Document Detail

Budget impact analysis of everolimus for the treatment of hormone receptor positive, human epidermal growth factor receptor-2 negative (HER2-) advanced breast cancer in the United States.
MedLine Citation:
PMID:  23153318     Owner:  NLM     Status:  MEDLINE    
OBJECTIVE: To estimate the budget impact of everolimus as the first and second treatment option after letrozole or anastrozole (L/A) failure for post-menopausal women with hormone receptor positive (HR+), human epidermal growth factor receptor-2 negative (HER2-) advanced breast cancer (ABC).
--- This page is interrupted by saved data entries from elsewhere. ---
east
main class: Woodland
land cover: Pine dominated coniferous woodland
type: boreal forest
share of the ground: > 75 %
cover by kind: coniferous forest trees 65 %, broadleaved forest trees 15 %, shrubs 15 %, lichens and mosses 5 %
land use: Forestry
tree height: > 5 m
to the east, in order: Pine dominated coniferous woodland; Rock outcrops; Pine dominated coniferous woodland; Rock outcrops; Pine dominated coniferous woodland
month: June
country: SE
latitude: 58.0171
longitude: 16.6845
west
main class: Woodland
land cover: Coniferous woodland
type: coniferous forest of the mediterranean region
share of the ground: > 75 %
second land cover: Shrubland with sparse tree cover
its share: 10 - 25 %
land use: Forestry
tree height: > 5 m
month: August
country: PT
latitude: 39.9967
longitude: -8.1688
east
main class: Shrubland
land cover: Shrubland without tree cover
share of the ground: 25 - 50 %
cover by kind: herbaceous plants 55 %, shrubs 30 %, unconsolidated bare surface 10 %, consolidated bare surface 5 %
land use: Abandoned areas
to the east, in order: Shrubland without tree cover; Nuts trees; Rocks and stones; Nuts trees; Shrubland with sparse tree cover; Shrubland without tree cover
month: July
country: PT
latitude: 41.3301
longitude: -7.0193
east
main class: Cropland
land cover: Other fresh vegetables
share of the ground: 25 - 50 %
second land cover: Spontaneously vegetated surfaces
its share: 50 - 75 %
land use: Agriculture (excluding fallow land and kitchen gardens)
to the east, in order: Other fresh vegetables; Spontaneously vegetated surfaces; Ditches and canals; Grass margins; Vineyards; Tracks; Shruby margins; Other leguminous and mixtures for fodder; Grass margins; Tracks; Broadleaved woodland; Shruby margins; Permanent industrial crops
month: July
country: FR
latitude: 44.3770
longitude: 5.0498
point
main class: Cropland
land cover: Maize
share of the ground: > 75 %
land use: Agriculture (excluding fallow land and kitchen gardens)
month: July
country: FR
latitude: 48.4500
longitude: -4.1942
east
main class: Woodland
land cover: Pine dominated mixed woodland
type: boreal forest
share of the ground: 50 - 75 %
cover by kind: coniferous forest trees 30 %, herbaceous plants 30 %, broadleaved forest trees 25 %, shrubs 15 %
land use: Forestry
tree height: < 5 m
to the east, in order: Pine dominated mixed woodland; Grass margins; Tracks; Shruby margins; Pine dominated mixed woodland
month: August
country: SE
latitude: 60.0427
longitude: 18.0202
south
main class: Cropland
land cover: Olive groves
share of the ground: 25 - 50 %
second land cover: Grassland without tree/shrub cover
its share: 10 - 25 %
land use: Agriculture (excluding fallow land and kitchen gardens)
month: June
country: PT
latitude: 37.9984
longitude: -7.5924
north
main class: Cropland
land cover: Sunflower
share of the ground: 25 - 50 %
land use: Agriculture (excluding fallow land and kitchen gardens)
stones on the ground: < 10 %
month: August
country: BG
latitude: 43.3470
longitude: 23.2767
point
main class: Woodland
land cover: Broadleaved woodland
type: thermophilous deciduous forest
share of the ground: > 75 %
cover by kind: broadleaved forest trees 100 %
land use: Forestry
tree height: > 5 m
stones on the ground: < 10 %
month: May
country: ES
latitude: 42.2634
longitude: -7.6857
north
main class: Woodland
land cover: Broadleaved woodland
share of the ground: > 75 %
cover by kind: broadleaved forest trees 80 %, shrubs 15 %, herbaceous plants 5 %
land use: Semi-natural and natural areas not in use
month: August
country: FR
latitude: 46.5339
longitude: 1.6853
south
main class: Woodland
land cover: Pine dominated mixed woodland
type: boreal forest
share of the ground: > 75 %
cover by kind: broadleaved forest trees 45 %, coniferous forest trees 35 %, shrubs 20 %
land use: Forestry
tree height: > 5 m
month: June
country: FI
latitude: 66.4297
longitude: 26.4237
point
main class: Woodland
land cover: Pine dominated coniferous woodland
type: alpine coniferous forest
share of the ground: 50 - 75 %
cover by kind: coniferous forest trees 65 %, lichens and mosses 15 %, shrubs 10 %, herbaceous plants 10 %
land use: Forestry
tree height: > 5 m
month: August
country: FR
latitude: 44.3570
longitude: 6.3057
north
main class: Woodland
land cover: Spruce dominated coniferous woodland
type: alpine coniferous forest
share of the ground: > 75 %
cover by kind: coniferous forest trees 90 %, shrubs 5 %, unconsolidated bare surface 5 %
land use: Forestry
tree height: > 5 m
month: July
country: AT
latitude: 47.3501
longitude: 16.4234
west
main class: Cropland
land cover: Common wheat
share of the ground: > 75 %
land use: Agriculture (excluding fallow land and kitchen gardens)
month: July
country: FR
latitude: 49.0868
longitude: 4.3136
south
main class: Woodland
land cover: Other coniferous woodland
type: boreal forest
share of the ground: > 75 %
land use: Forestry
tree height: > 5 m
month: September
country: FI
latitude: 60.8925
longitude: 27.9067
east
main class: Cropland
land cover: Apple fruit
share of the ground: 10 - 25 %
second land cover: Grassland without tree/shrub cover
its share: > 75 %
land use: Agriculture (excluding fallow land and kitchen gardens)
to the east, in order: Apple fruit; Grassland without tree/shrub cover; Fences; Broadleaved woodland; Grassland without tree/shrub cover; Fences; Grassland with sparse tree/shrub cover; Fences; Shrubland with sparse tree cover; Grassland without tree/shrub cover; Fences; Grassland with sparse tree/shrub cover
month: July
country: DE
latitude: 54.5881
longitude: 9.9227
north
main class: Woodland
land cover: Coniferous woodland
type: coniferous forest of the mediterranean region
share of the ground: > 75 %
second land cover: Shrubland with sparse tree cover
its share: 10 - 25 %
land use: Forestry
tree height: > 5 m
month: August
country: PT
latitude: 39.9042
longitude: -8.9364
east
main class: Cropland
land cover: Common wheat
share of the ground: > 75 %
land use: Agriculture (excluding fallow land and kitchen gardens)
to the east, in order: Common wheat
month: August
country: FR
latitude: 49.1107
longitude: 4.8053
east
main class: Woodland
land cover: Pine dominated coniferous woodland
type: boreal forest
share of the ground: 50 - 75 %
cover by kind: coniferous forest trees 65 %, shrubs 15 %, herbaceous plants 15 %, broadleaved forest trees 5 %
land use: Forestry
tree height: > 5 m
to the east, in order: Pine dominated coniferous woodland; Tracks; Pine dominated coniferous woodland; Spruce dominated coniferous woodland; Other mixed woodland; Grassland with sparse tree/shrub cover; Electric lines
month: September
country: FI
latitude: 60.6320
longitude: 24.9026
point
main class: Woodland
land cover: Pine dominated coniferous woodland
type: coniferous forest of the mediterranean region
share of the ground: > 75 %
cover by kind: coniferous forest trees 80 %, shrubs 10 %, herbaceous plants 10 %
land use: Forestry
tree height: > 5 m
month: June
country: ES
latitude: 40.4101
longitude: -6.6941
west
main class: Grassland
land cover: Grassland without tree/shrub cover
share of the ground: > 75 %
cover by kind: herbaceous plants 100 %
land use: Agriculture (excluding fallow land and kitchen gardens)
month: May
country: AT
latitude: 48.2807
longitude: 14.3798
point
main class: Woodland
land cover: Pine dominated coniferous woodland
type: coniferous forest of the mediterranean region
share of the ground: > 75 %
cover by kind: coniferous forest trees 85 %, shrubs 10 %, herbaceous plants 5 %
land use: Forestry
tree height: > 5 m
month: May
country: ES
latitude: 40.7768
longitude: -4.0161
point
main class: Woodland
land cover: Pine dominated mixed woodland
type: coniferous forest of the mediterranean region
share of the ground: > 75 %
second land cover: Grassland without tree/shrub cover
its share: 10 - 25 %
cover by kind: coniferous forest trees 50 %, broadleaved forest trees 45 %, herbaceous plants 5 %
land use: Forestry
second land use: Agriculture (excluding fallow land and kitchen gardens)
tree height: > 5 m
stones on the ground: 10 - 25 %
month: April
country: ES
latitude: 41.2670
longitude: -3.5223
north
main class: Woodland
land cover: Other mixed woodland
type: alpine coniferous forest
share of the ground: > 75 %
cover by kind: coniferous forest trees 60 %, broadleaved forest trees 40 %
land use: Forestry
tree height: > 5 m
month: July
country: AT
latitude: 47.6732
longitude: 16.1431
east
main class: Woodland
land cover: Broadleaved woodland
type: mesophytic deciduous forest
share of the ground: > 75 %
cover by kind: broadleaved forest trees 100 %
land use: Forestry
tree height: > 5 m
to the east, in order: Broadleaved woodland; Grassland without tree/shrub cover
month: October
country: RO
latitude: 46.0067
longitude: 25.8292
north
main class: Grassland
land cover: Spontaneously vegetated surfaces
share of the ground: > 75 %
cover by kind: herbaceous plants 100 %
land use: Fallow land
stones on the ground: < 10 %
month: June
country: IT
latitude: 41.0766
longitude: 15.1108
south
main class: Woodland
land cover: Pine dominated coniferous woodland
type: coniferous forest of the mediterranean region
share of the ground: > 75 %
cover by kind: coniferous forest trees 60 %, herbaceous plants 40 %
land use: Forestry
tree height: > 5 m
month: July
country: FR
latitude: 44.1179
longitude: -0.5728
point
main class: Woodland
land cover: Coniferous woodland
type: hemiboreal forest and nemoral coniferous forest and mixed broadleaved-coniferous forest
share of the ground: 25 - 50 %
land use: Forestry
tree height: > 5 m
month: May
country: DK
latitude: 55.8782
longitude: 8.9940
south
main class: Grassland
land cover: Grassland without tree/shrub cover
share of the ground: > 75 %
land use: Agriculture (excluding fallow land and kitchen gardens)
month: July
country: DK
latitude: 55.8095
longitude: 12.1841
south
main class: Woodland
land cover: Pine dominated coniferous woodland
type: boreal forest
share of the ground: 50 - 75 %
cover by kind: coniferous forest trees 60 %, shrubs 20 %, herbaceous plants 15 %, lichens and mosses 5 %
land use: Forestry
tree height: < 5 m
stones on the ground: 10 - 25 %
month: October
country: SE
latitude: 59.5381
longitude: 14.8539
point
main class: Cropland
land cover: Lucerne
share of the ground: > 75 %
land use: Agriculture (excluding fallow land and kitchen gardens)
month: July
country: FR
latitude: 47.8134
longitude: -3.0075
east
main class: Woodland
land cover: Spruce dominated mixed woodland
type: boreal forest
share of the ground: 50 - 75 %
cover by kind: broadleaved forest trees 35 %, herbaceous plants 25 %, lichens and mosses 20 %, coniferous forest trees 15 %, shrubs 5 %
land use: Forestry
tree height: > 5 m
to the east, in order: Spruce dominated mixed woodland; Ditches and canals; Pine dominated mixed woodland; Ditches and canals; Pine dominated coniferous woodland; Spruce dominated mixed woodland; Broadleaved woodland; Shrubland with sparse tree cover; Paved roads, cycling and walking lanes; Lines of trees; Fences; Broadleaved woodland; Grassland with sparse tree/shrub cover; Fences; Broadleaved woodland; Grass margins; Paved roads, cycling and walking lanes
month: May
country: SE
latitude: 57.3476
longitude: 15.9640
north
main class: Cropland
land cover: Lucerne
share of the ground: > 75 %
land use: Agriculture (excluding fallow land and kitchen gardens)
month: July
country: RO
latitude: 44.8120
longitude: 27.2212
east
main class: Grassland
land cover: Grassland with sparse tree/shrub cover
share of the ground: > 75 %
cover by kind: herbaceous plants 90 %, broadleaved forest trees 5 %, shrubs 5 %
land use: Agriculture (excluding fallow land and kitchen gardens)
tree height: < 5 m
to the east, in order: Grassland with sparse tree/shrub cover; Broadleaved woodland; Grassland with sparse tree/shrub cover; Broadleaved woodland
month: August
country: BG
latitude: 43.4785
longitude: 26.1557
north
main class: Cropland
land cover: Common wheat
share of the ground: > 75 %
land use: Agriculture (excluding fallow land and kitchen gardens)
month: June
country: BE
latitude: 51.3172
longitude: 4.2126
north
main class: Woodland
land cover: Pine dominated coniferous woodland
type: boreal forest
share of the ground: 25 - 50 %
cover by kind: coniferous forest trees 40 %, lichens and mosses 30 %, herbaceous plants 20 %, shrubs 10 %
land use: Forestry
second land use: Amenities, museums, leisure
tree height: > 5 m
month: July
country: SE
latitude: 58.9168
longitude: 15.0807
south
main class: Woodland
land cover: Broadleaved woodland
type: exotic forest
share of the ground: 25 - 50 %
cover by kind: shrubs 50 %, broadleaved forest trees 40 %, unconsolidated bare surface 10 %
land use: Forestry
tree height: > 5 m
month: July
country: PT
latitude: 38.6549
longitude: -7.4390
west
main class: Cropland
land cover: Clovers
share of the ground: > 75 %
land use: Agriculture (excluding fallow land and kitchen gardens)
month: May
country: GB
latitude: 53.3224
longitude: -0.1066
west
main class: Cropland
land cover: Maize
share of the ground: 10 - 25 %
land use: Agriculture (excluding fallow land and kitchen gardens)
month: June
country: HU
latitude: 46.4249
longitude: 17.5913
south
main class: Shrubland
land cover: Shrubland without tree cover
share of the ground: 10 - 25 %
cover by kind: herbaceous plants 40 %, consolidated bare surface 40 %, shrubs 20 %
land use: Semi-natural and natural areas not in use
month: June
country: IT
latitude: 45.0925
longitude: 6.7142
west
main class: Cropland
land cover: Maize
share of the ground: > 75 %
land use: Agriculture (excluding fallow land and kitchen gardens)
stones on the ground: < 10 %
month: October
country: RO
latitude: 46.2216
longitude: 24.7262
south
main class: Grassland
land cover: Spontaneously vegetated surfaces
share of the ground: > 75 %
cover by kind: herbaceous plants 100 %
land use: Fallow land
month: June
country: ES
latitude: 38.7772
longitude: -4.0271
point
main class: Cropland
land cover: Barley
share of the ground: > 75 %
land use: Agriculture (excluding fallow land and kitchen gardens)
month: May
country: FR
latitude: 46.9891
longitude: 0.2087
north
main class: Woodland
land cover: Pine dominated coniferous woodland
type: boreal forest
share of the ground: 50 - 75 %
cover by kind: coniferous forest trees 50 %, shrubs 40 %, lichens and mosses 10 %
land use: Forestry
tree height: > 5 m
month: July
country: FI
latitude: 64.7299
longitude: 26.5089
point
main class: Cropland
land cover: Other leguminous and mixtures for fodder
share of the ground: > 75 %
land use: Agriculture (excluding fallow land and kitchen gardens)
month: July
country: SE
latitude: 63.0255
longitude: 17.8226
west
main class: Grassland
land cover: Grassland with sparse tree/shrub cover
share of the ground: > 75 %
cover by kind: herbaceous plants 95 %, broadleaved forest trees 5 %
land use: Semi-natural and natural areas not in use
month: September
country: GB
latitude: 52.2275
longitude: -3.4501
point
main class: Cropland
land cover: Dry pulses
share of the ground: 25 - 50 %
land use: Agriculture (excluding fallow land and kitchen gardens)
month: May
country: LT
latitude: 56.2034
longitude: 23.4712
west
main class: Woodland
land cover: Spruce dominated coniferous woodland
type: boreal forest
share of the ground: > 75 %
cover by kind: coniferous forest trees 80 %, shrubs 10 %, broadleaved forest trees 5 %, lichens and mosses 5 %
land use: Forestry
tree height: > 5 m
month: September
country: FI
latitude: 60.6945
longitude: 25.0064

METHODS: Pharmacy and medical budget impacts (2011 USD) were estimated over the first year of everolimus use in HR+, HER2- ABC from a US payer perspective. Epidemiology data were used to estimate target population size. Pre-everolimus entry treatment options included exemestane, fulvestrant, and tamoxifen. Pre- and post-everolimus entry market shares were estimated based on market research and assumptions. Drug costs were based on wholesale acquisition cost. Patients were assumed to be on treatment until progression or death. Annual medical costs were calculated as the average of pre- and post-progression medical costs weighted by the time in each period, adjusted for survival. One-way and two-way sensitivity analyses were conducted to assess the model robustness.
RESULTS: In a hypothetical 1,000,000 member plan, 72 and 159 patients were expected to be candidates for everolimus treatment as first and second treatment option, respectively, after L/A failure. The total budget impact for the first year post-everolimus entry was $0.044 per member per month [PMPM] (pharmacy budget: $0.058 PMPM; medical budget: -$0.014 PMPM), assuming 10% of the target population would receive everolimus. The total budget impacts for the first and second treatment options after L/A failure were $0.014 PMPM (pharmacy budget: $0.018; medical budget: -$0.004) and $0.030 PMPM (pharmacy budget: $0.040; medical budget: -$0.010), respectively. Results remained robust in sensitivity analyses.
LIMITATIONS: Assumptions about some model input parameters were necessary and may impact results.
CONCLUSIONS: Increased pharmacy costs for HR+, HER2- ABC following everolimus entry are expected to be partially offset by reduced medical service costs. Pharmacy and total budget increases were modest.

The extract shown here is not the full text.